Alguns especialistas sugerem que isso é necessário para tranquilizar aliados que poderiam ser tentados a desenvolver seus próprios arsenais nucleares.

“Se as pessoas estão preocupadas com Rússia e China se fortalecendo, deveriam estar preocupadas desde uma década atrás, quando já estavam expandindo seus arsenais e os EUA mostravam moderação”, disse Heather Williams, do CSIS. “Se não mostrarmos determinação nuclear, nossos aliados vão se perguntar se os EUA realmente virão em seu auxílio, ou se terão de desenvolver seus próprios programas.”

EUA podem ficar “para trás”

Mas movimentos rápidos da Rússia também são prováveis se os EUA expandirem seu arsenal além dos limites do tratado.

Rose Gottemoeller, negociadora-chefe dos EUA para o Novo START, disse acreditar que o pior cenário é uma rápida campanha russa para instalar mais ogivas, deixando os EUA “para trás enquanto ainda tentamos nos organizar”.

Ela disse à CNN que os EUA se beneficiariam de uma extensão de um ano, pois o país “não está imediatamente pronto para agir rapidamente”.

“Temos trabalho a fazer, planejar e nos preparar”, disse ela, observando que levaria tempo para desfazer modificações feitas em submarinos e bombardeiros para cumprir o tratado.

A Rússia, afirmou, está muito mais preparada para aumentar seu arsenal rapidamente.

“Eles têm linhas ativas de produção de ogivas e componentes relacionados para seus sistemas de mísseis, que lhes permitiriam aumentar a produção rapidamente”, disse Gottemoeller. “Sabemos que eles têm essa capacidade industrial — nós não temos.”

Ela também observou que uma extensão de um ano seria uma “fácil” vitória diplomática para Trump e daria tempo aos EUA para se prepararem melhor para lidar com a China.
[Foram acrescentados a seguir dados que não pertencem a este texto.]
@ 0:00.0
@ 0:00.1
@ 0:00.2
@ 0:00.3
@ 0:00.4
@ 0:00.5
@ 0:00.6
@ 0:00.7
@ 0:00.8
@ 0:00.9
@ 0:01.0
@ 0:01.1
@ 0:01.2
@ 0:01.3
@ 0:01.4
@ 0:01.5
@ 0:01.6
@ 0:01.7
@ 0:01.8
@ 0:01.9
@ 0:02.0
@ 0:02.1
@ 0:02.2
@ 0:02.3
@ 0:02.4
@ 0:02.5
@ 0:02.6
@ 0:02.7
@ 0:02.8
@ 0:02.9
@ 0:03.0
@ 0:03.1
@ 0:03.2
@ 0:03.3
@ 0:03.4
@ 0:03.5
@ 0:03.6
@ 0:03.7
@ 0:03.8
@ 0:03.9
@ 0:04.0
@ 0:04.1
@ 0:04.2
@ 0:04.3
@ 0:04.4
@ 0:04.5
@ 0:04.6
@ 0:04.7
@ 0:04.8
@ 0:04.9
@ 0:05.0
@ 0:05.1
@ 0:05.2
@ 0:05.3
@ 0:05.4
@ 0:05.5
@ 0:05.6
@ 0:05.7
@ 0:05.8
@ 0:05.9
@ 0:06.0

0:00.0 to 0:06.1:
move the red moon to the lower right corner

Mas outros discordam.

Matthew Kroenig, do Atlantic Council, disse à CNN que não acredita que permanecer dentro dos limites seja do interesse dos EUA.
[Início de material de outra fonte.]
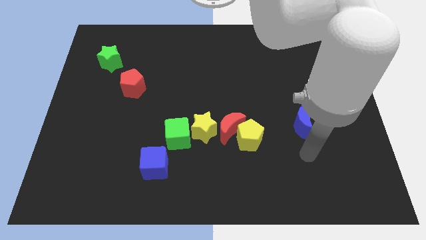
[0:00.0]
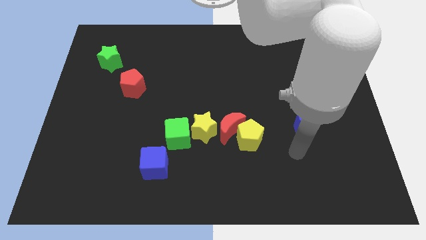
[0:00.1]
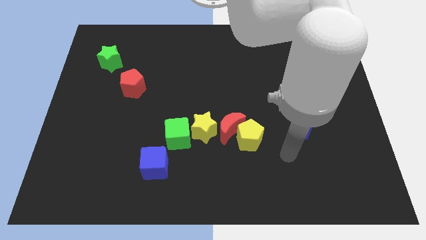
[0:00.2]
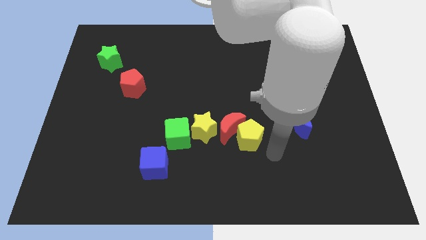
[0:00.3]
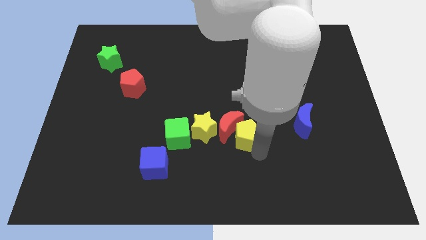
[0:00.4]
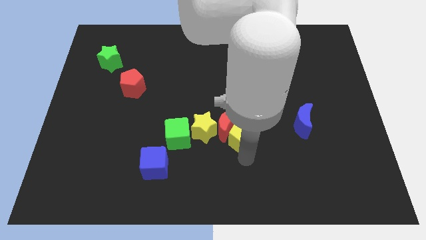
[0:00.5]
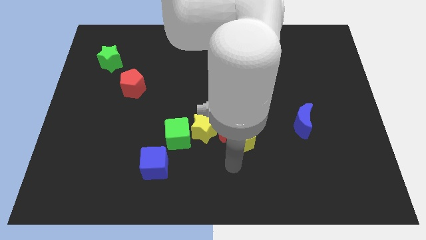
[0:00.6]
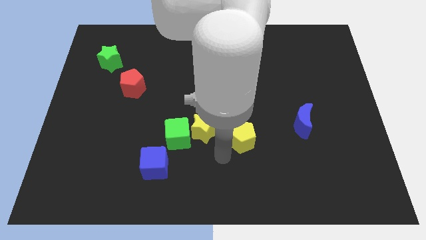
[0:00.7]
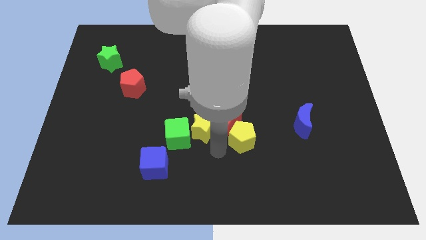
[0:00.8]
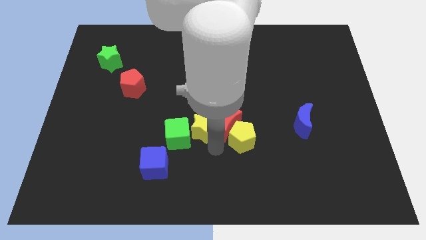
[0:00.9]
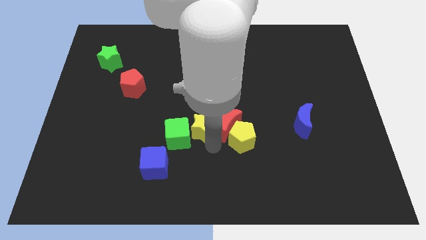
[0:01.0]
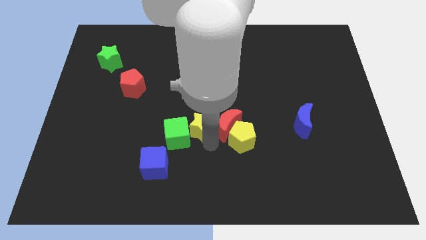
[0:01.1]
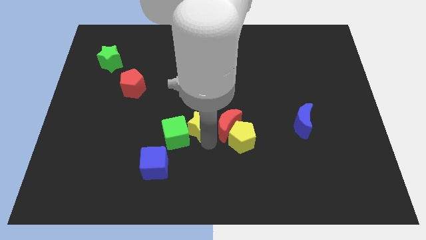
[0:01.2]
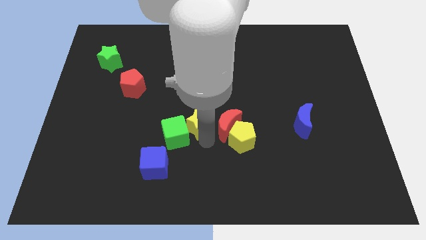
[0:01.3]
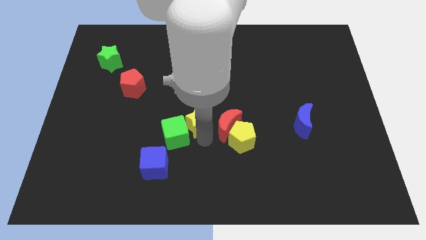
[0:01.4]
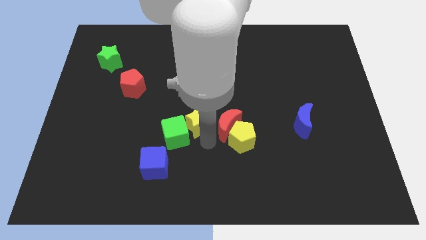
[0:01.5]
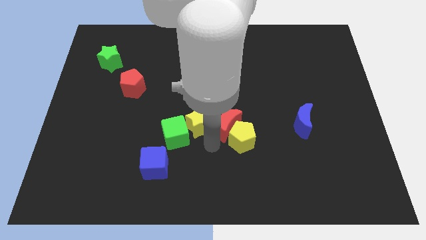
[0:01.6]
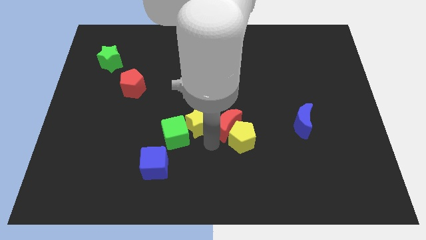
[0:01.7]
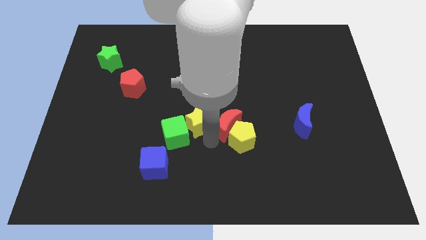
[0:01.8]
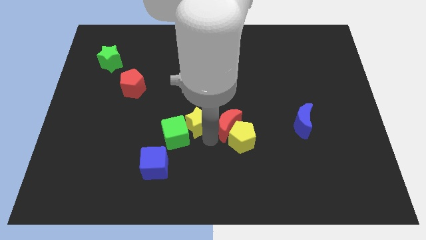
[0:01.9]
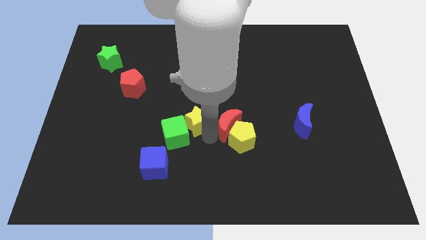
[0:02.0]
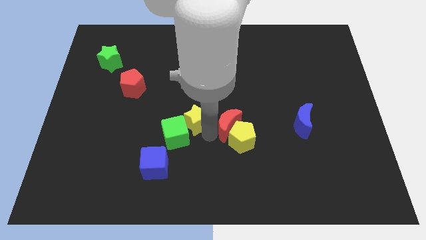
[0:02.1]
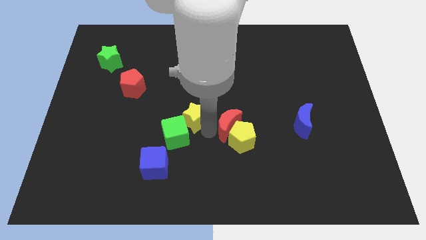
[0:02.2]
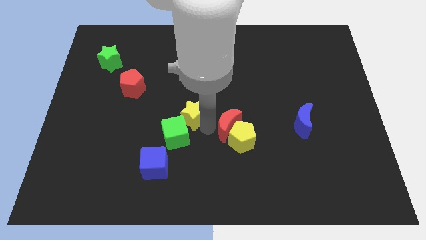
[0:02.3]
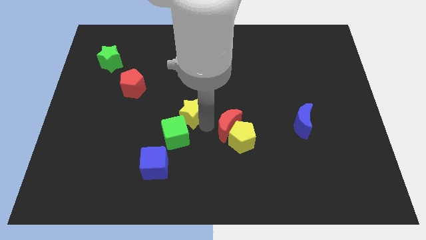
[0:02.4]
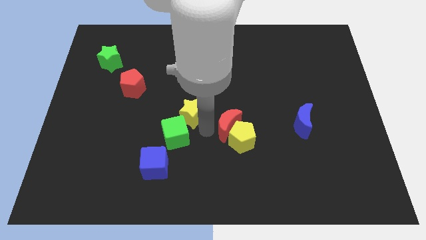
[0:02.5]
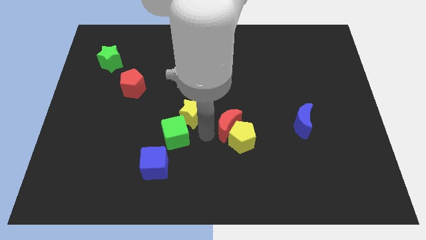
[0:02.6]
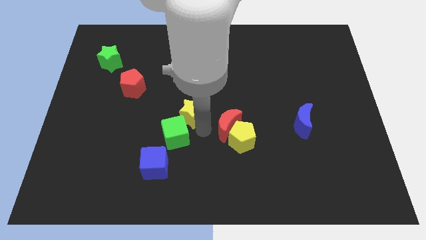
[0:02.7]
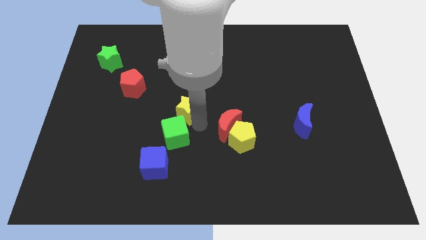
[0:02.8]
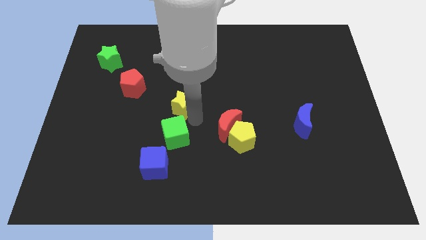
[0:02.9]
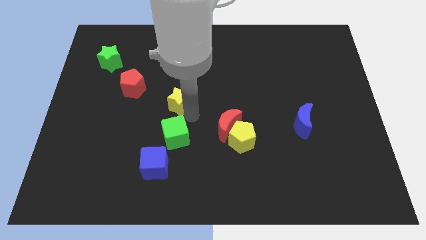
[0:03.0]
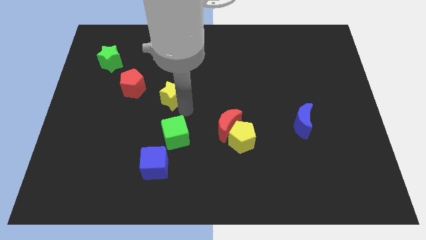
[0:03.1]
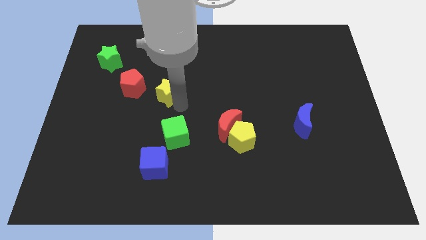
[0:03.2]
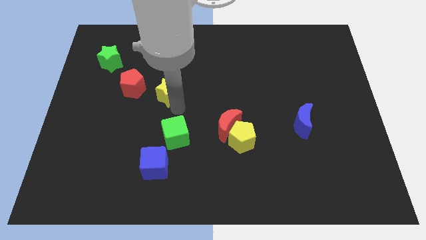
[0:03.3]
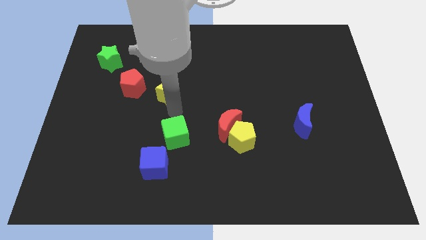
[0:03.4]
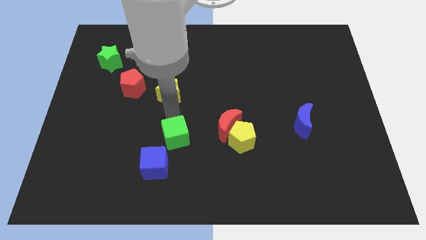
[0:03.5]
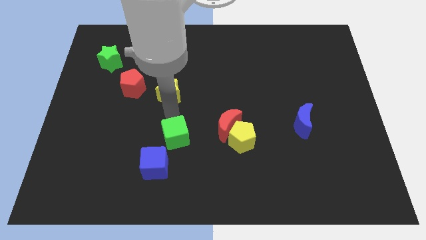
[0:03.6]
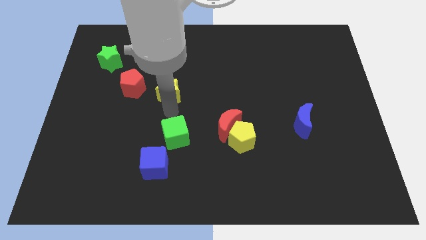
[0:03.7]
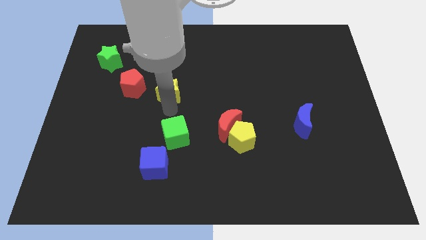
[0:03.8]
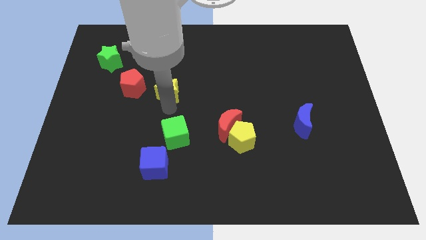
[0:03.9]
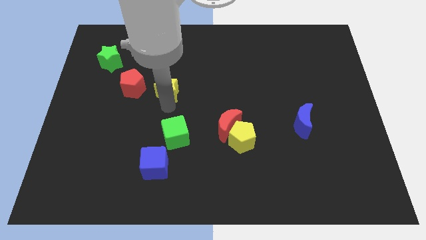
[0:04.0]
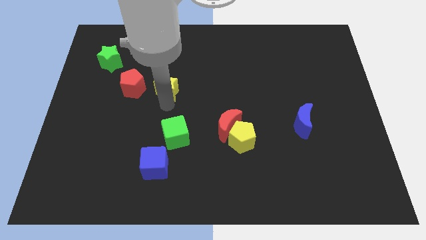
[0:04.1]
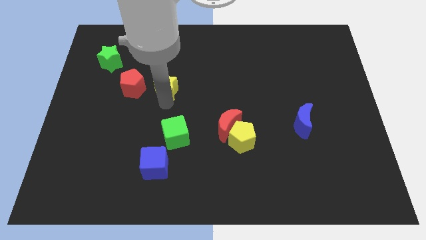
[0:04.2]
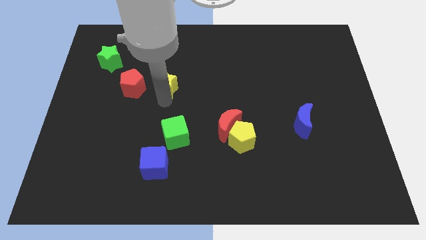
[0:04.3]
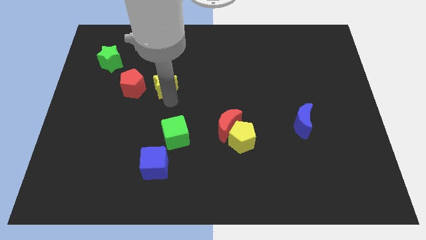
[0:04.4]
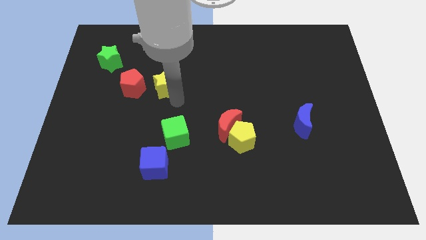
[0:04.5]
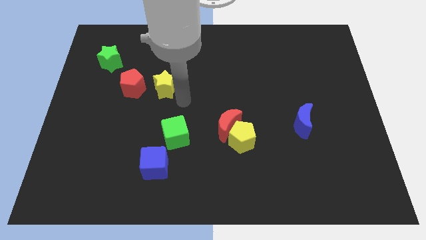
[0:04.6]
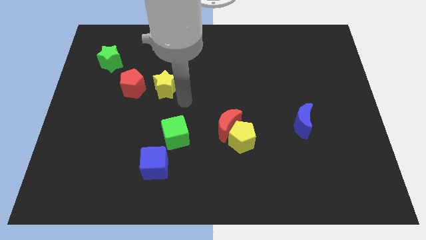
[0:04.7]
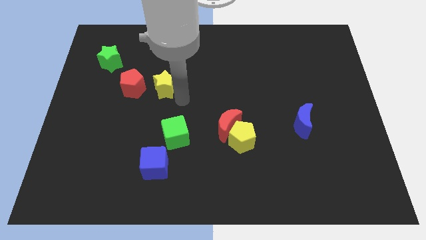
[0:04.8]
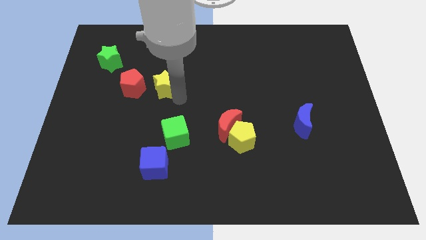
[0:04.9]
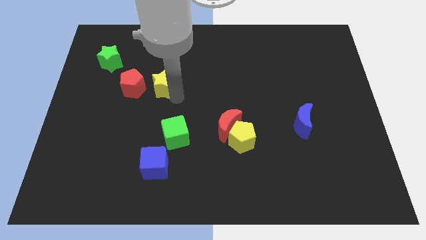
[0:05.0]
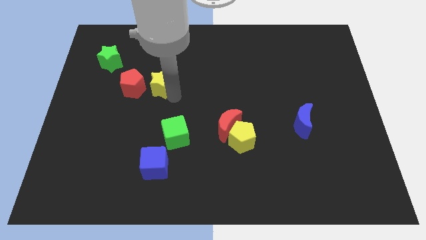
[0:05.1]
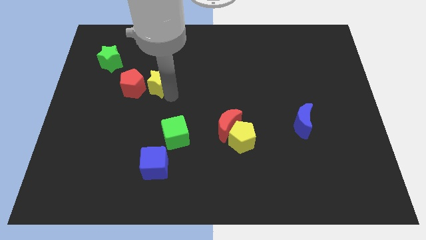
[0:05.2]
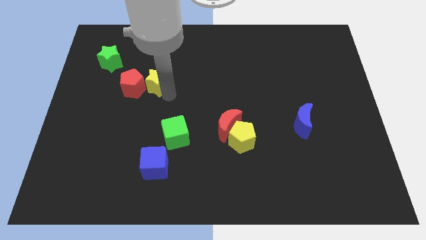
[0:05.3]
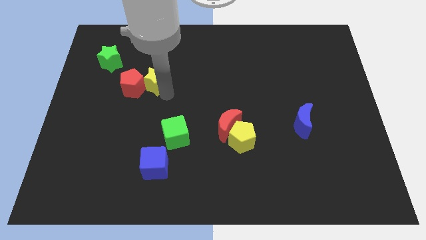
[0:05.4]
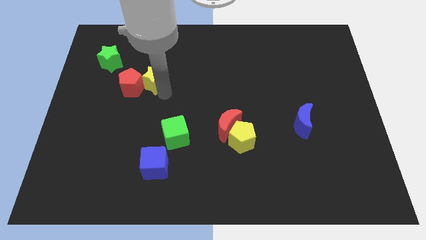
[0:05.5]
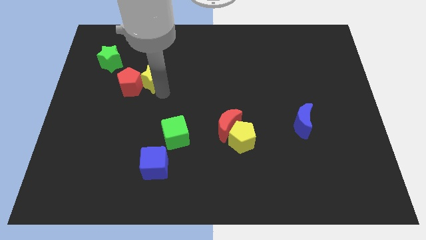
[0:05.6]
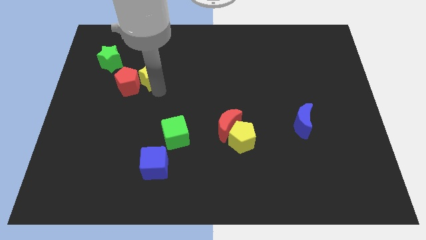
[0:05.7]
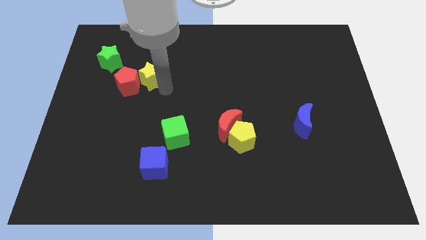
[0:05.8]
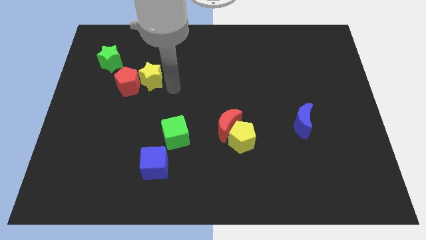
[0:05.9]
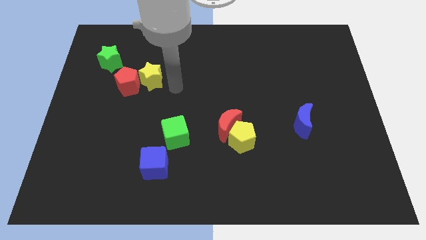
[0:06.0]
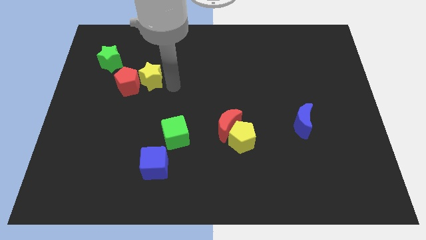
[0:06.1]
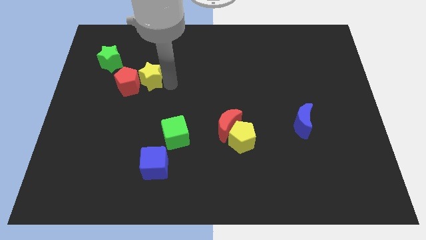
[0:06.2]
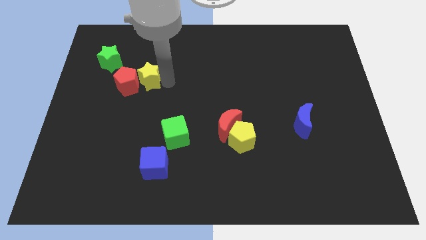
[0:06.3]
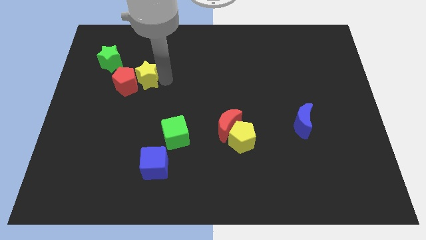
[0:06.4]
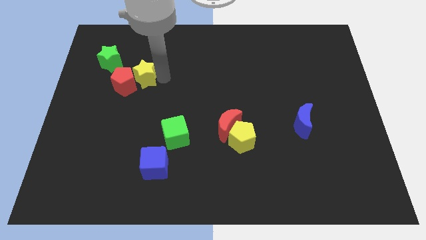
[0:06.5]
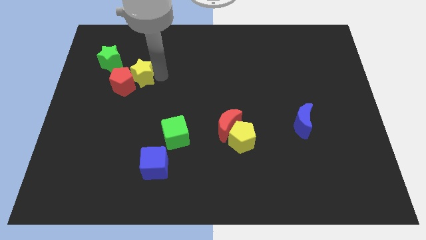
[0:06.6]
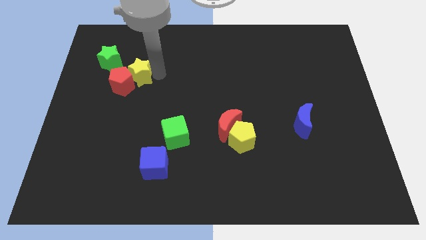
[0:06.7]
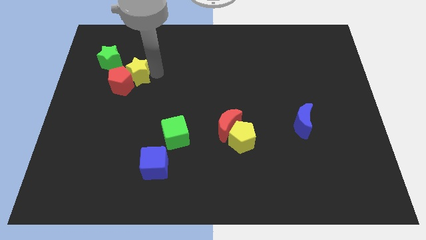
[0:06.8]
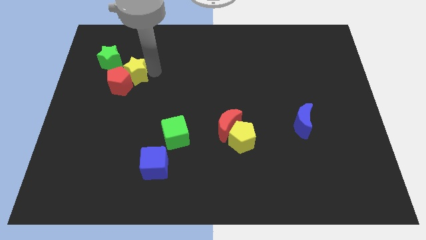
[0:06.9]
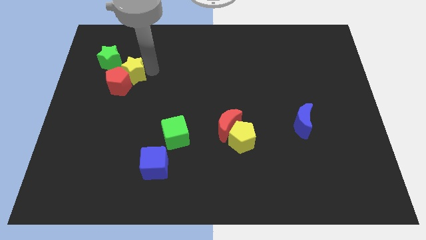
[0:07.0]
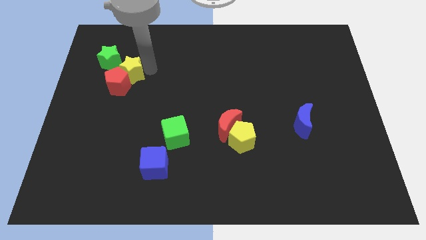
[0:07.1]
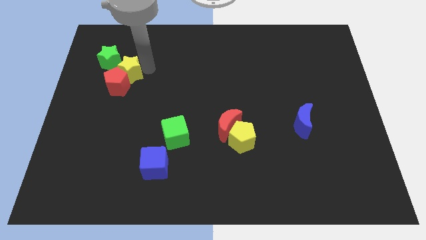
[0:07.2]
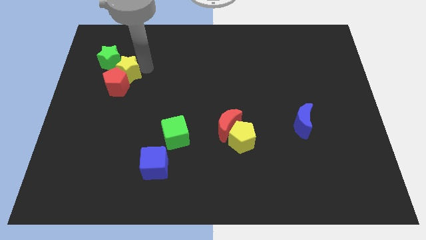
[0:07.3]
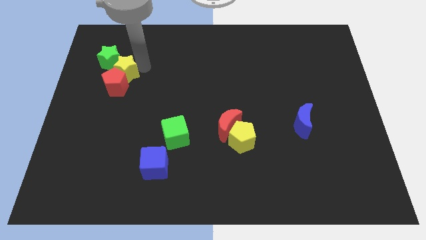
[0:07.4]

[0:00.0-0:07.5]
move the yellow star towards the green star

“Em teoria, é bom ter limitações, mas o principal objetivo das armas nucleares americanas é deter a guerra nuclear, não ter tratados”, disse ele.

Segundo Kroenig, a China não está mais na mesma posição de quando o tratado foi negociado, e os limites atuais não bastam para dissuadir Moscou e Pequim ao mesmo tempo.

Ele citou um relatório bipartidário de 2023 que concluiu que a postura nuclear dos EUA deve considerar a possibilidade de agressão combinada da Rússia e da China.

Funcionários do governo Biden afirmaram ter tomado medidas para permitir um rápido aumento das ogivas, caso o governo Trump opte por isso.

Trump buscou um acordo de controle de armas trilateral durante seu primeiro mandato, mas a China tem rejeitado qualquer negociação que limite seu arsenal em expansão.

Discussões informais entre EUA e China ocorreram no último ano, e um ex-funcionário envolvido disse que os chineses parecem mais abertos ao diálogo — ainda que se recusem a discutir limites.

“Isso pode ser devido à percepção de que o crescimento de seu arsenal e o colapso dos acordos entre EUA e Rússia os deixaram em um mundo menos familiar”, disse.

Ainda assim, sem clareza sobre como trazer a China para a mesa, abandonar o tratado é um risco.

“Podemos ver uma perigosa corrida armamentista tripla”, disse Daryl Kimball, da Arms Control Association. Mas tudo isso poderia ser evitado “com bom senso e diplomacia”.

Kimball disse que, embora “o fim do Novo START não seja o primeiro revés”, sua expiração em meio à postura agressiva da administração Trump sobre tratados internacionais pode marcar “o início de uma nova corrida armamentista desenfreada entre EUA–Rússia–China, com alto custo para todos os países”.